Riffs de vagues, ondes de guitare, Chanson d'amours commence comme l'Avril de Laurent Voulzy. Voui voui, je viens de citer « Slow Down » et voui voui, on ose avouer, on aime ! Après un premier album L'homme des sables (2012), Benjamin nous entraîne tout droit sur l'archipel calédonien, glissant comme une planche à voile de Nouméa sur un premier riff guitaristique au rythme extrêmement resserré, amarré à quelques encablures des remous saccadés et sensuels de la voix du joueur de trombone... Pon Pon. « Nous hisserons [donc] les voiles sans moteur et sans commandant ».

Mais qui est cet étrange monsieur un peu chauve au nom à particule ? Un nomade né d'une mère danseuse péruvienne (on en comprend des choses!) un chouïa en marge dans le panthéon de la chanson française [1] qui doit certainement beaucoup à son paternel, grand compositeur de musique de film, François de Roubaix, qu'on salue depuis Paris. Un homme qui file surtout sa musique comme une partition de la mer, du vent, de l'air chaud et des eaux salées, ce fameux « livre au fond [qui] n'a pas été lu » dirait Ponge [2]. Sauf qu'ici, on lit la métaphore musique /mer : il s'agit de chansons.

Fidèle à papa, Benjamin reprise et réinvente sa vieille boîte à musique synthétique qui ragaillardit ces eaux tranquilles en les rendant à leurs sources, les fameuses influences du dit-hurluberlu-ubuesque-papa - gros recourt de synthé, de voix démultipliées (effet coquillage), bruits incongrus qui apparient la guitare vers sa modernité.
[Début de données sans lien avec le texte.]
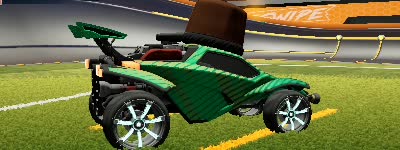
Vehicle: octane
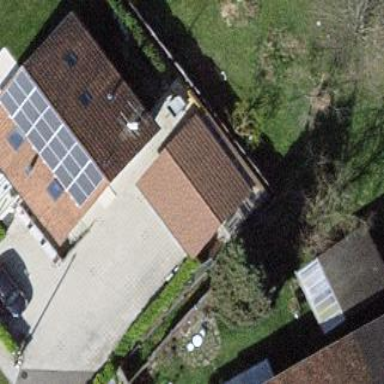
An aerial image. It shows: Simple house.
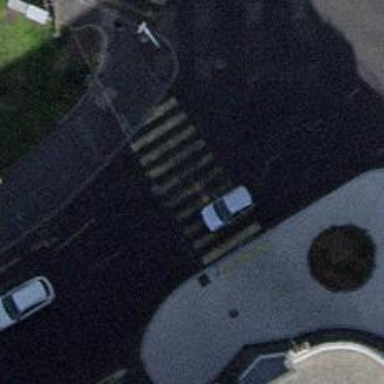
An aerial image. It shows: Kerb serving as barrier.
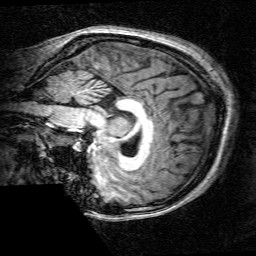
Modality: T1w
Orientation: sagittal
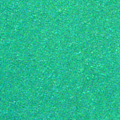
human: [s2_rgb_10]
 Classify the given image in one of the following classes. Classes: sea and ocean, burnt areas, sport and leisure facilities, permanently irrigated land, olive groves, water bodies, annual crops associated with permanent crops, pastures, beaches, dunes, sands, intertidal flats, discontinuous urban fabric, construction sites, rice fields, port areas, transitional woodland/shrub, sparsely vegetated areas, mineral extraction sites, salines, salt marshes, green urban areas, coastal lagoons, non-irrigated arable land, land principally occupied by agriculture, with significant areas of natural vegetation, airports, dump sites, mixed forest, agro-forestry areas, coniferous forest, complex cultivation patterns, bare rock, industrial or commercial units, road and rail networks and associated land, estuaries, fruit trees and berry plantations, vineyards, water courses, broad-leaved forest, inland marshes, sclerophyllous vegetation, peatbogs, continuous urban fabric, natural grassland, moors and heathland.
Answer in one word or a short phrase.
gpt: sea and ocean
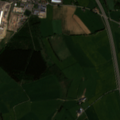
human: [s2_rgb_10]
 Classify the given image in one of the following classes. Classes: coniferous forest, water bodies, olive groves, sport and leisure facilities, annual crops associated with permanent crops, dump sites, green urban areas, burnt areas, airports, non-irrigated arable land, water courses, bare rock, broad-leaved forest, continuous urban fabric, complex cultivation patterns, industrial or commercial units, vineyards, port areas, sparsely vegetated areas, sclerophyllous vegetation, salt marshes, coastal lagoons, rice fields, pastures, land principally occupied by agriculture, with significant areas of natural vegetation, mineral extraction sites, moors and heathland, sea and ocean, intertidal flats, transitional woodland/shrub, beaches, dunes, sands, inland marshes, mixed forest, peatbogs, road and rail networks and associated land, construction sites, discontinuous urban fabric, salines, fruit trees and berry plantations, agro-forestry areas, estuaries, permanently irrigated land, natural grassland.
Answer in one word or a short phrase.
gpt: discontinuous urban fabric, industrial or commercial units, road and rail networks and associated land, pastures, complex cultivation patterns, land principally occupied by agriculture, with significant areas of natural vegetation, mixed forest
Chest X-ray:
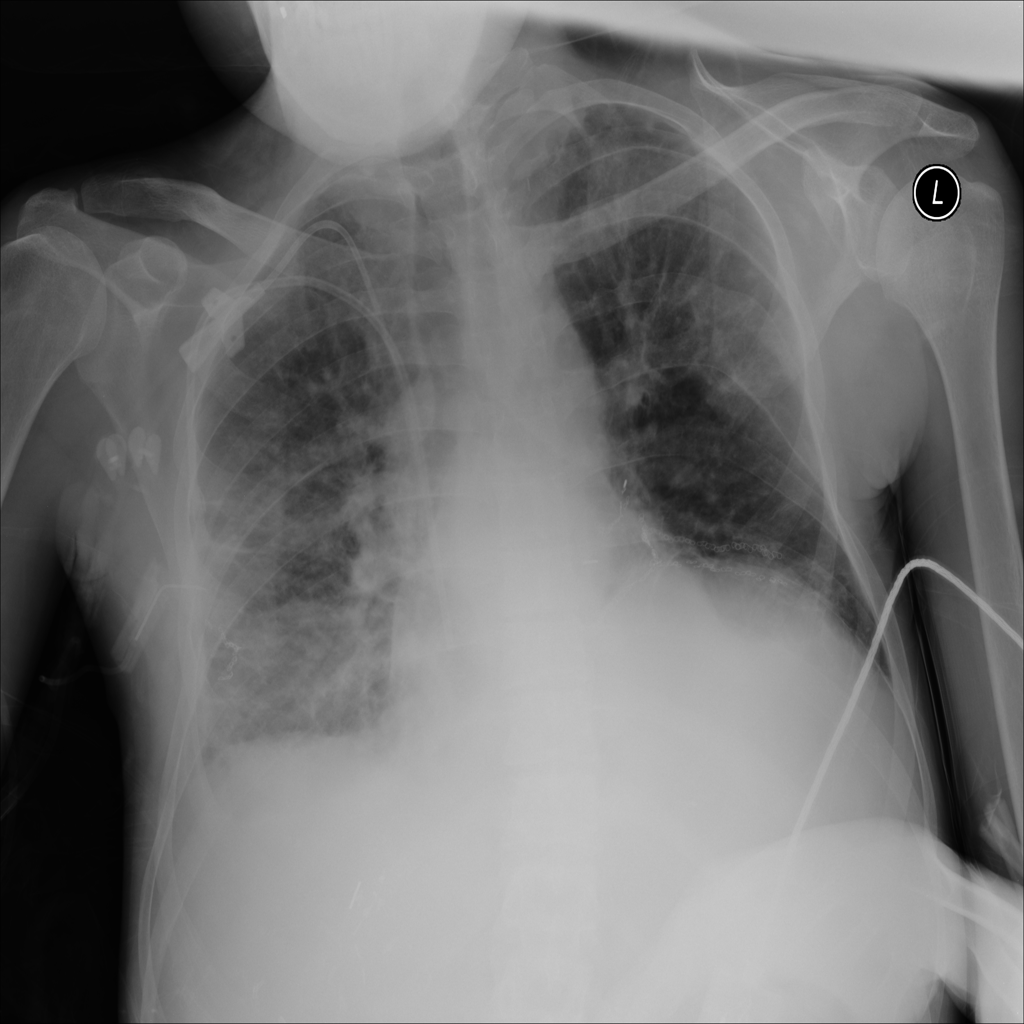
Findings: Consolidation, Fibrosis, Effusion
No abnormal finding: no
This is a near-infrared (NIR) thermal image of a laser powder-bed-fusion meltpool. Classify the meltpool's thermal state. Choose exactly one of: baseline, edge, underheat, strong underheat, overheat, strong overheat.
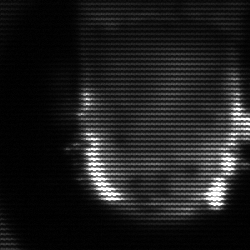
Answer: baseline
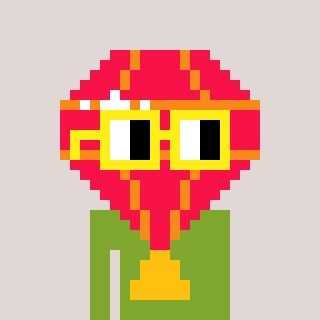
a pixel art character with square yellow glasses, a red diamond-shaped head and a slimegreen-colored body on a warm background
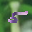
Label: 5
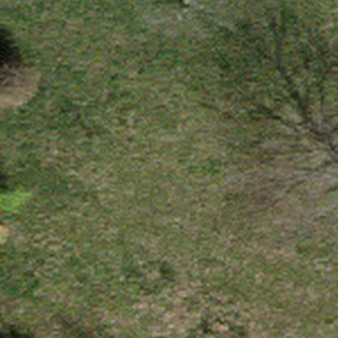
Label: other
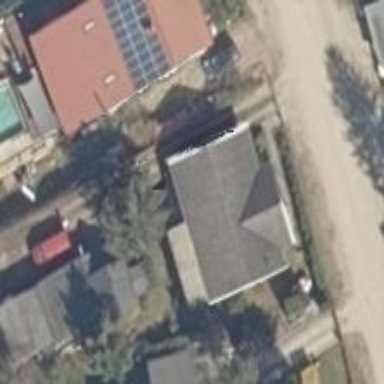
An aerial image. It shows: Detached building.
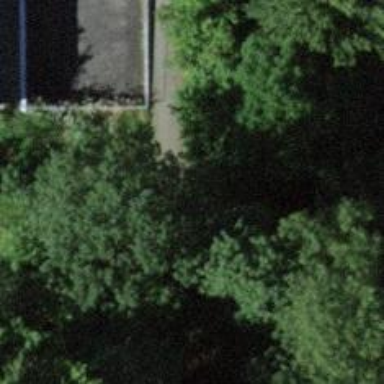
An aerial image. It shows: Footway on bridge.
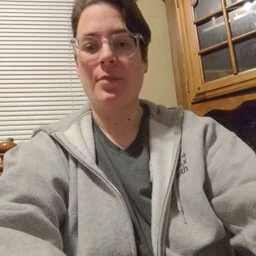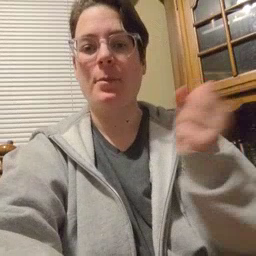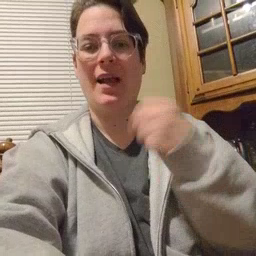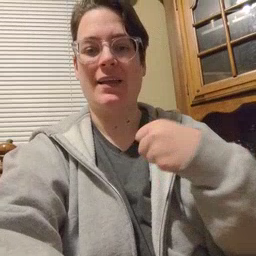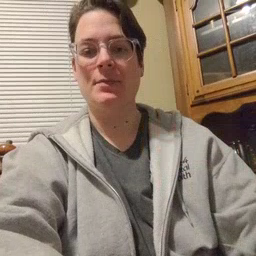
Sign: make
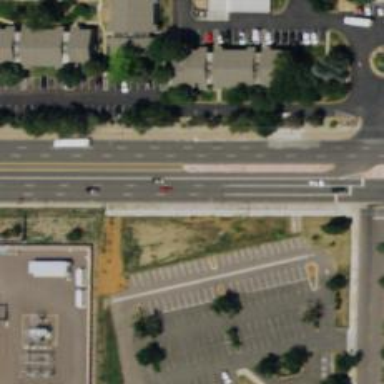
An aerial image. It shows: Primary highway with asphalt surface. There is separate sidewalk and cycle track.
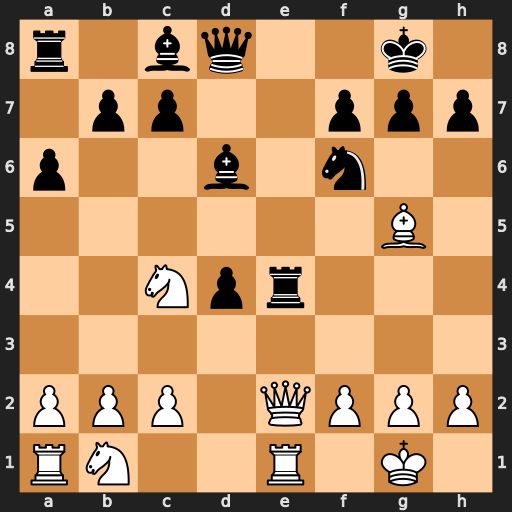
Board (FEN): r1bq2k1/1pp2ppp/p2b1n2/6B1/2Npr3/8/PPP1QPPP/RN2R1K1
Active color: w
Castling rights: -
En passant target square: -
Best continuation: Qxe4 Nxe4 Bxd8
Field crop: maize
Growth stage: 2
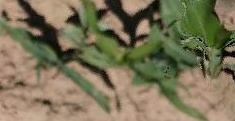
Species: maize
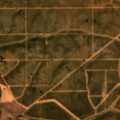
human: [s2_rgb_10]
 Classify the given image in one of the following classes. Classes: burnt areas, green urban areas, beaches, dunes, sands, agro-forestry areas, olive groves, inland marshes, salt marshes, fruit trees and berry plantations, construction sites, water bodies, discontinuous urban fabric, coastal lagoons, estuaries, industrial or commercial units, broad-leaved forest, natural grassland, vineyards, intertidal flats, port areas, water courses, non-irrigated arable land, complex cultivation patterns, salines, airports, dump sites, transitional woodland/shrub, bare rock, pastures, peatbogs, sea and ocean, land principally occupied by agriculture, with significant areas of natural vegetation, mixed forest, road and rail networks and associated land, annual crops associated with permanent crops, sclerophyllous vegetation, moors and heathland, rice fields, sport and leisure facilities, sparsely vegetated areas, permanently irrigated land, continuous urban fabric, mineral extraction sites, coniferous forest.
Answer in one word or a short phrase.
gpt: non-irrigated arable land, olive groves, annual crops associated with permanent crops
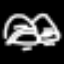
Label: frog
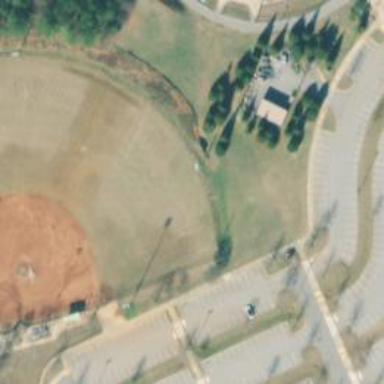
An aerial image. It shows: Baseball pitch for leisure land activities.

Une musique qui prime pour son dépaysement mimétique du voyage introduit dans la première chanson. Par endroit, on frôle presque la musique gitane (« Comme Mathusalem »), les traditions africaines (l'intro de « Ma fleur africaine »), quand on ne découvre pas carrément une réécriture sud-américanisée fraîche et gaie luronne de « La Javanaise » du sieur Gainsbarre. Force nous est alors de tirer révérence à l'artiste pour ses influences éthniques diversement rapatriées avec justesse dans l'album. En prime, le jeune loup de mer surfe sur des rythmes amérindiens plutôt bien réussis qui ritualisent ses chansons d'amour solennisées. Percu, flûte et transe vocale en guise d'épilogue, « La ballade de Crazy Dog » ne trompera personne. On admirera donc dans cet album le jeu de pirouette entre des ritournelles océaniques centrées autour du combo gagnant guitare/voix (« Nouméa », « Chansons d'amour ! » où se relayent guitare et piano, « En el monte ») rythmées avec simplicité, sobriété mais excellemment et des chansons plus travaillées, moins épurées qui charrient toute une historiette de traditions éthniques. Mais...

...Mais on ne vous le cachera pas plus longtemps, il y a anguille sous roche, requin sous planche, épines sous écorce, bref, un truc qui « pêche » vraiment, qui déstabilise notre sens critique, qui écorche notre cœur : la faiblesse de certaines paroles. Des paroles faibles qui viennent heurter notre lecture heureuse du titre programmatiquement prometteur de l'album « Chansons d'amour ». Le titre à demi-éponyme reposant sur une jolie petite paronomase « Le son d'amour » (chanson/son) frôle ainsi la platitude avec son texte pauvre pastiche de Godard « J'écris des chansons d'amour. ça ne relève pas du langage. ça ne relève pas du discours ». On préférerait l'adieu au langage. Quant à la berceuse, aussi douce soit-elle, « Je cherche mon paradis », elle ne fonctionne pas – question de sensibilité ?... A vous de juger : « Je cherche mon paradis. Cet endroit merveilleux, où l'on peut être heureux mais jamais malheureux ». Cela étant, mis à part ces menus détails qui nous hérissent le poil sur quelques rares titres (Allons ! Ne généralisons pas !), un album ma foi plutôt sympathique, empli de ballades heureuses et presque radieuses qui accompagneront sagement mais sûrement les premiers vacanciers et ralentiront peut-être avec raison le rythme effréné de tous ceux qui profitent déjà depuis un bon mois de la vie. Reste une question (pour tous ceux qui sont restés kéblos dans les années 90's) : oooyez ooyez, et si Rockollection restait malgré tout LE son des vacances ?

Agathe Boschel

Benjamin de Roubaix, Chansons d'amour, Pucci Records, 2016

 

[1] « Heu, mais...heu...ça existe encore ? »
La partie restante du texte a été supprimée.